Commentaires composés

Victor Hugo, Le Dernier jour d'un condamné. XXXIX

 Ils disent que ce n'est rien, qu'on ne souffre pas, que c'est une fin douce, que la mort de cette façon est bien simplifiée.

Eh! qu'est-ce donc que cette agonie de six semaines et ce râle de tout un jour? Qu'est-ce que les angoisses de cette journée irréparable, qui s'écoule si lentement et si vite? Qu'est-ce que cette échelle de tortures qui aboutit à l'échafaud?

Apparemment ce n'est pas là souffrir.

Ne sont-ce pas les mêmes convulsions, que le sang s'épuise goutte à goutte, ou que l'intelligence s'éteigne pensée à pensée?

Et puis, on ne souffre pas, en sont-ils sûrs? Qui le leur a dit? Conte-t-on que jamais une tête coupée se soit dressée sanglante au bord du panier, et qu'elle ait crié au peuple : Cela ne fait pas de mal !

Y a-t-il des morts de leur façon qui soient venus les remercier et leur dire : C'est bien inventé. Tenez-vous-en là. La mécanique est bonne.

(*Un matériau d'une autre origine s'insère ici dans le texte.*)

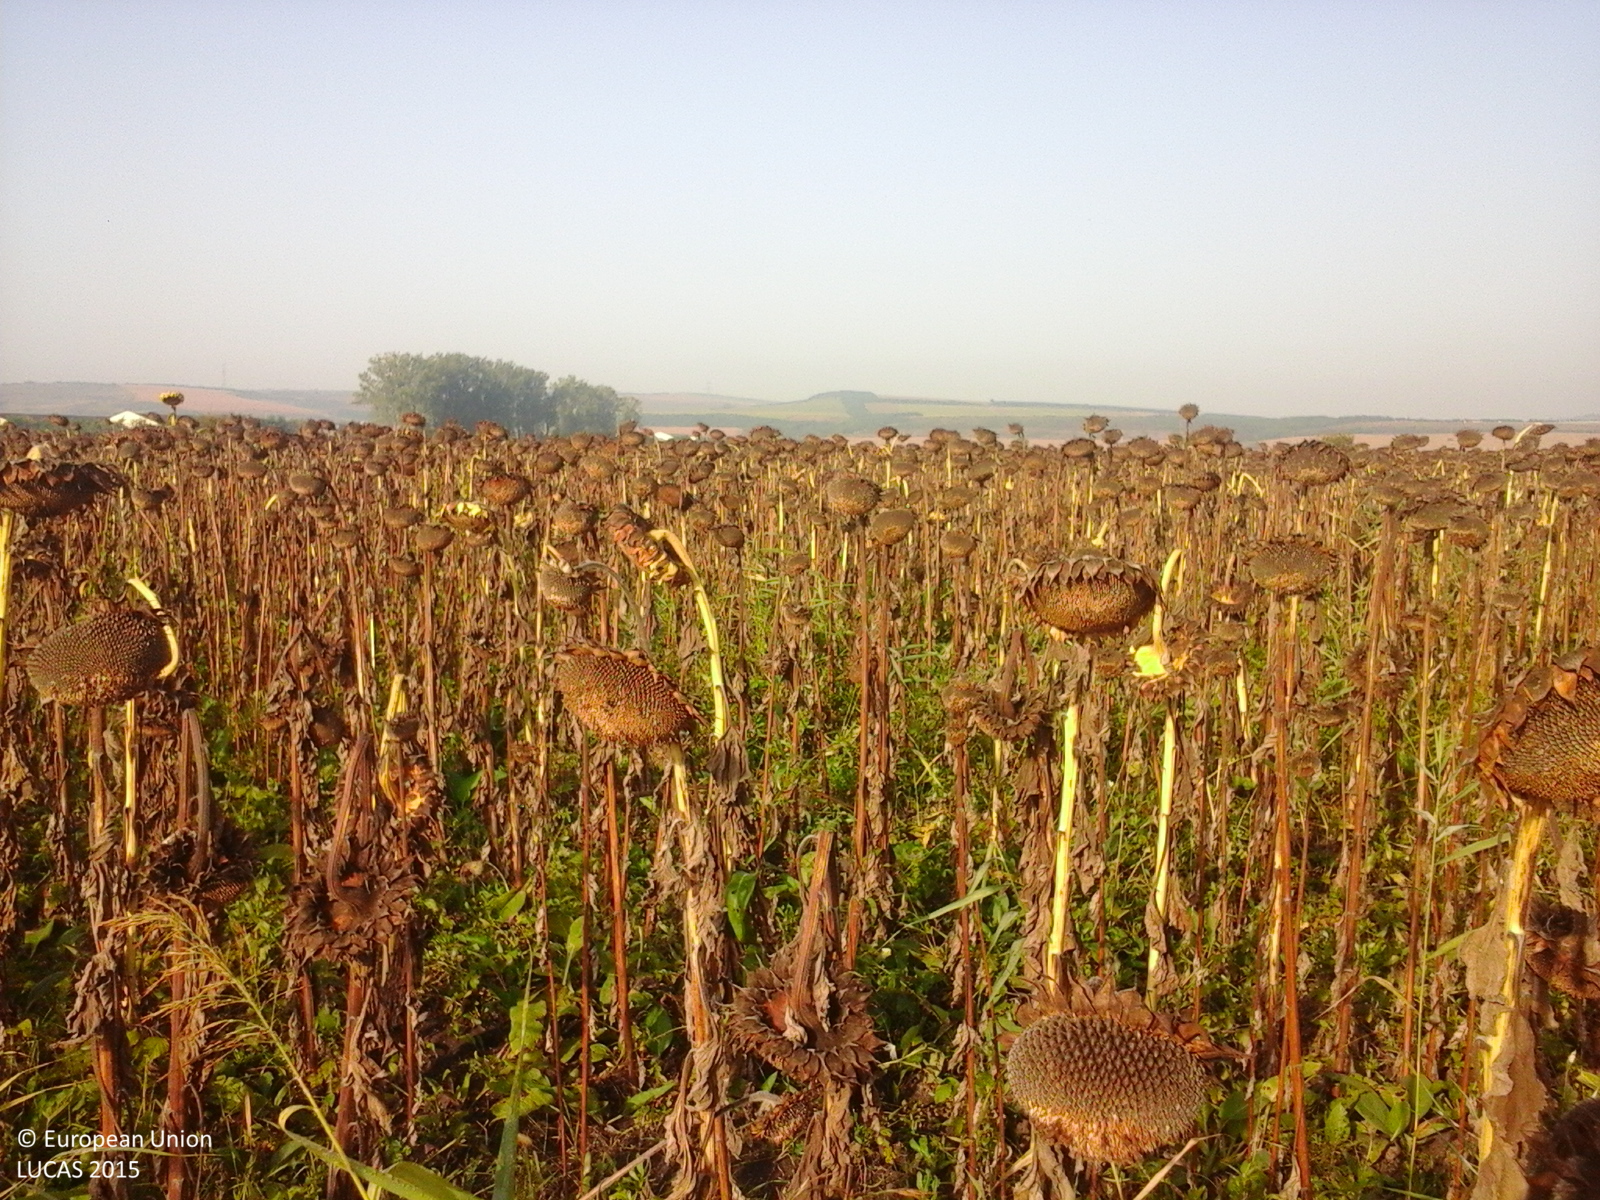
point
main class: Cropland
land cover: Sunflower
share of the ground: > 75 %
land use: Agriculture (excluding fallow land and kitchen gardens)
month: September
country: RO
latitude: 46.9304
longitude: 23.8011
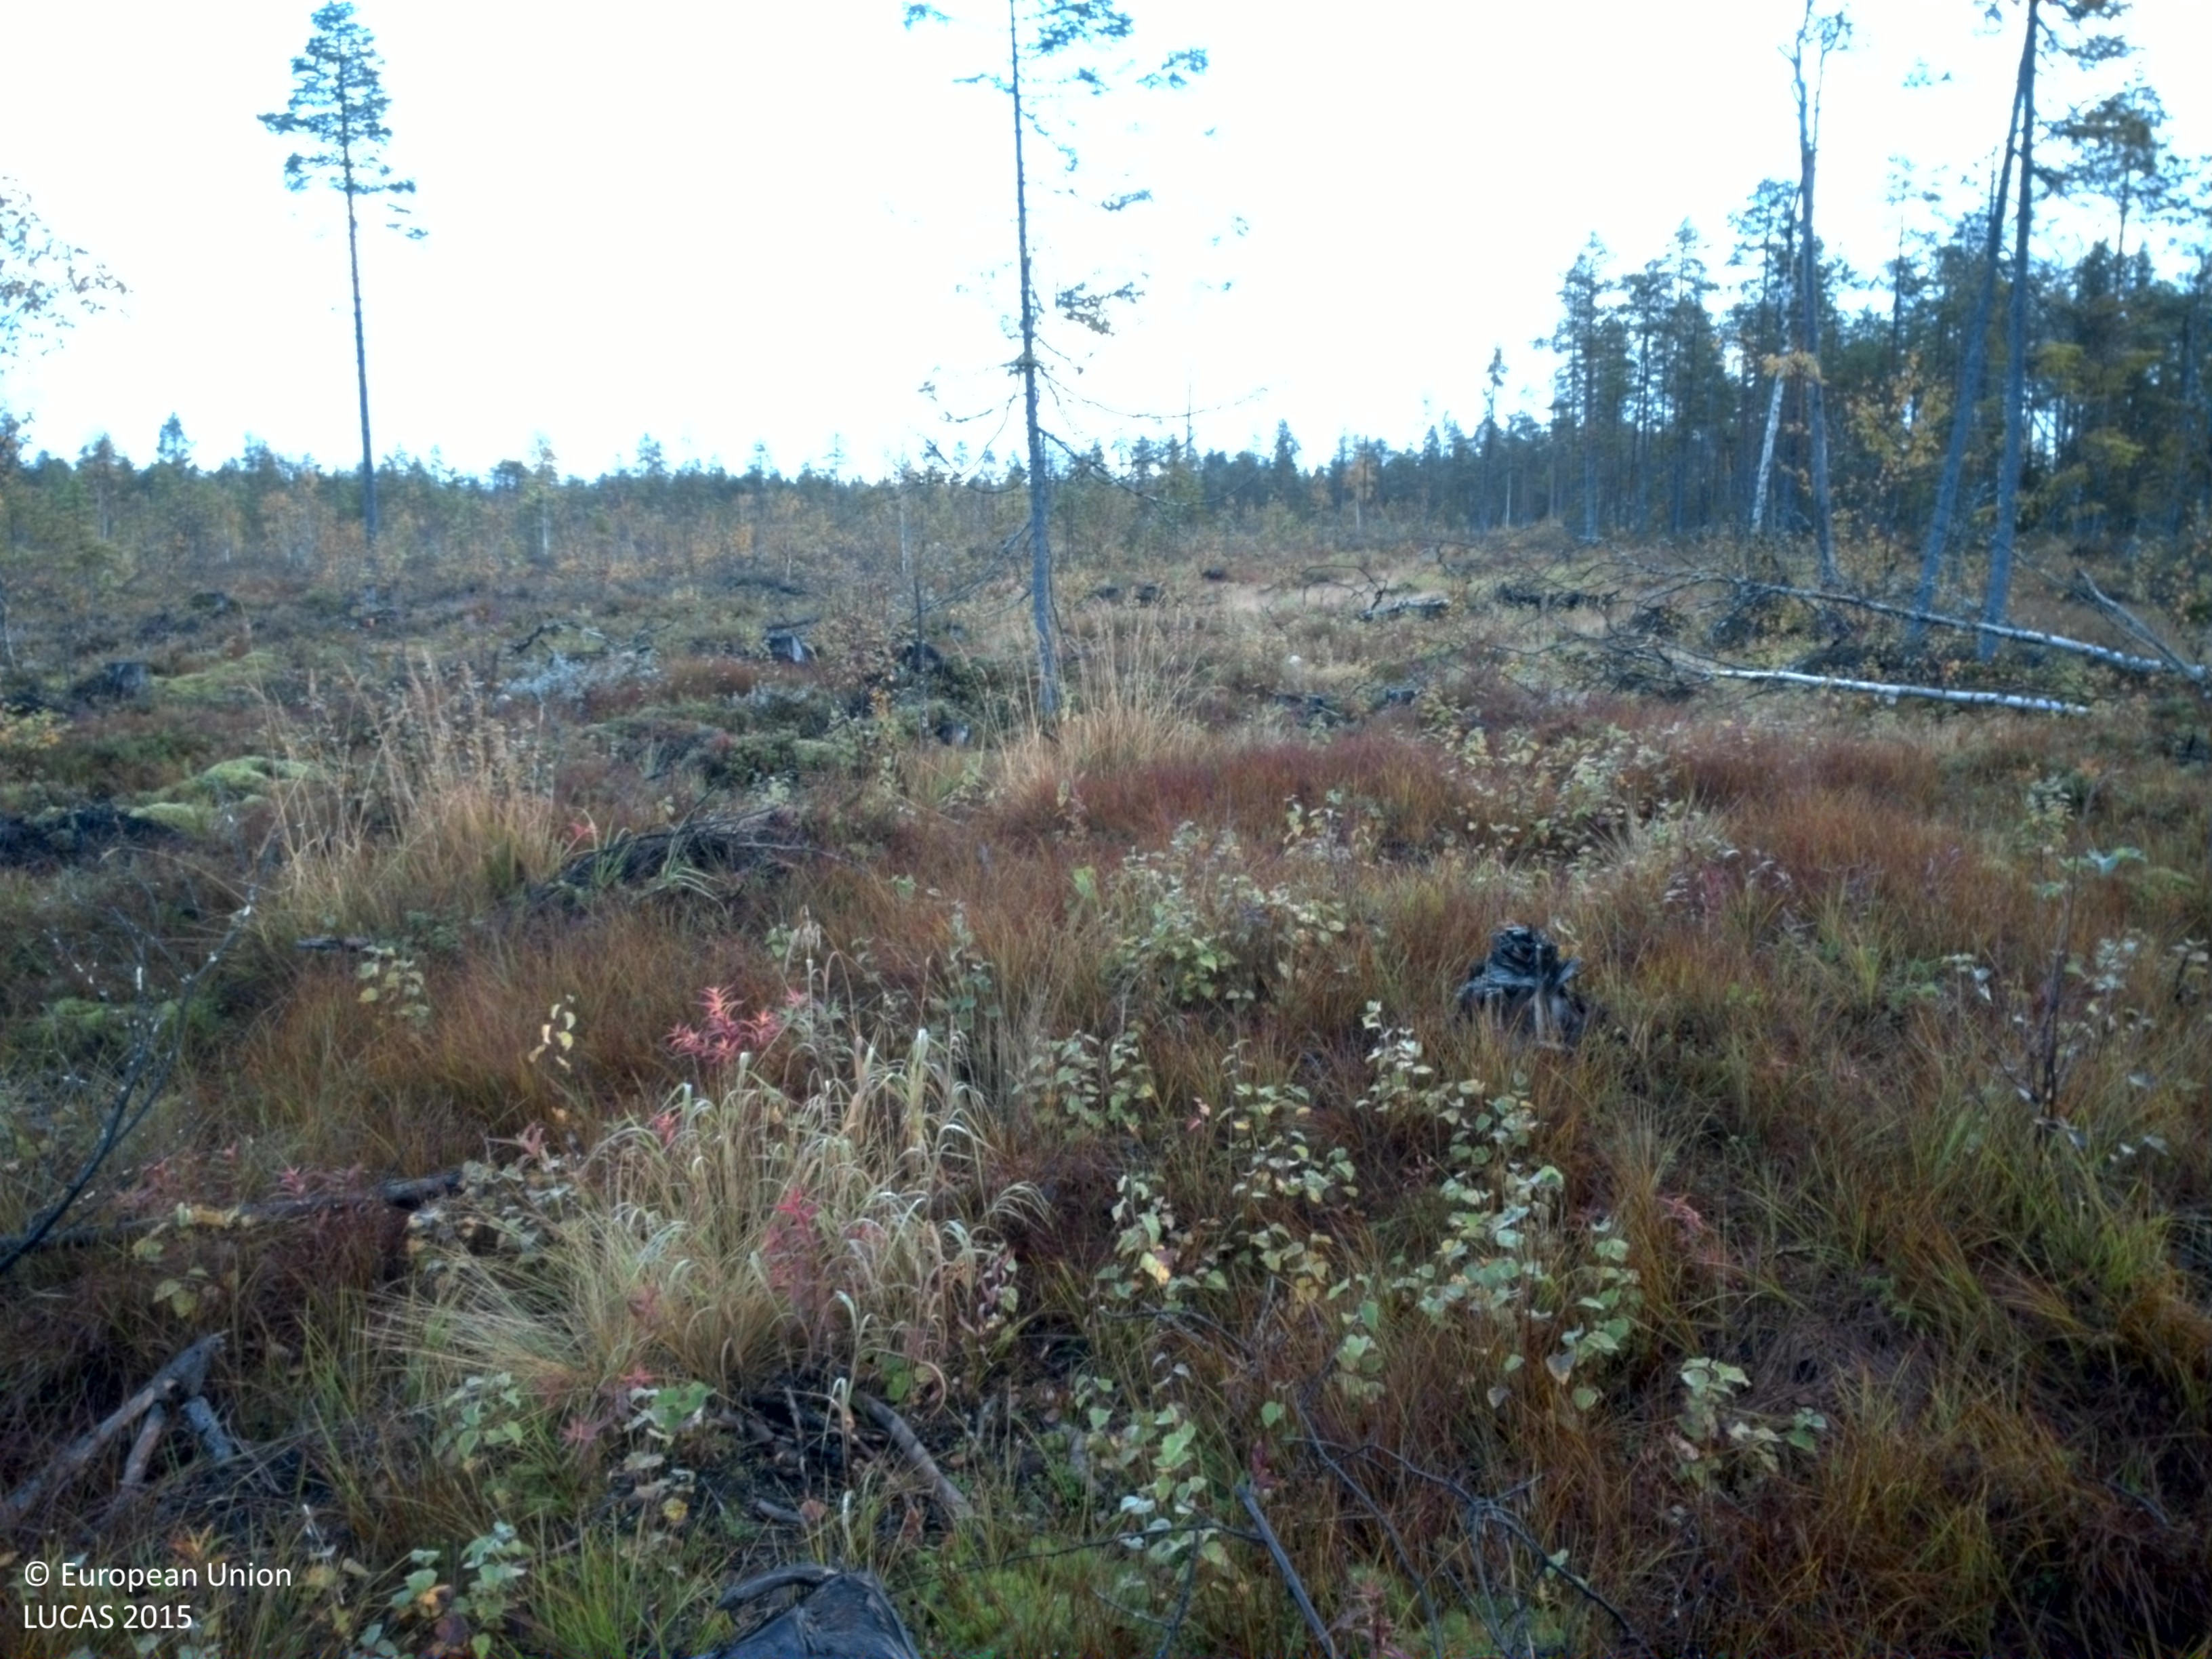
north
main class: Shrubland
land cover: Shrubland with sparse tree cover
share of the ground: 25 - 50 %
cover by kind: herbaceous plants 45 %, shrubs 40 %, lichens and mosses 10 %, broadleaved forest trees 5 %
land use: Forestry
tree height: < 5 m
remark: Clear cut
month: September
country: SE
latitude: 65.5807
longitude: 21.8782

Est-ce Robespierre ? Est-ce Louis XVI ?...

Non, rien ! moins qu'une minute, moins qu'une seconde, et la chose est faite. − Se sont-ils jamais mis, seulement en pensée, à la place de celui qui est là, au moment où le lourd tranchant qui tombe mord la chair, rompt les nerfs, brise les vertèbres... Mais quoi ! une demi-seconde ! la douleur est escamotée...

Horreur !

 

 

Extrait du corrigé :

Le Dernier Jour d’un condamné : roman en 1829 constituant un véritable réquisitoire politique pour l’abolition de la peine de mort.

 

Texte argumentatif contre la peine de mort.

 

I- Un écrit engagé 

            A- Thèse adverse

• Thèse des partisans de la peine de mort > début de l’extrait.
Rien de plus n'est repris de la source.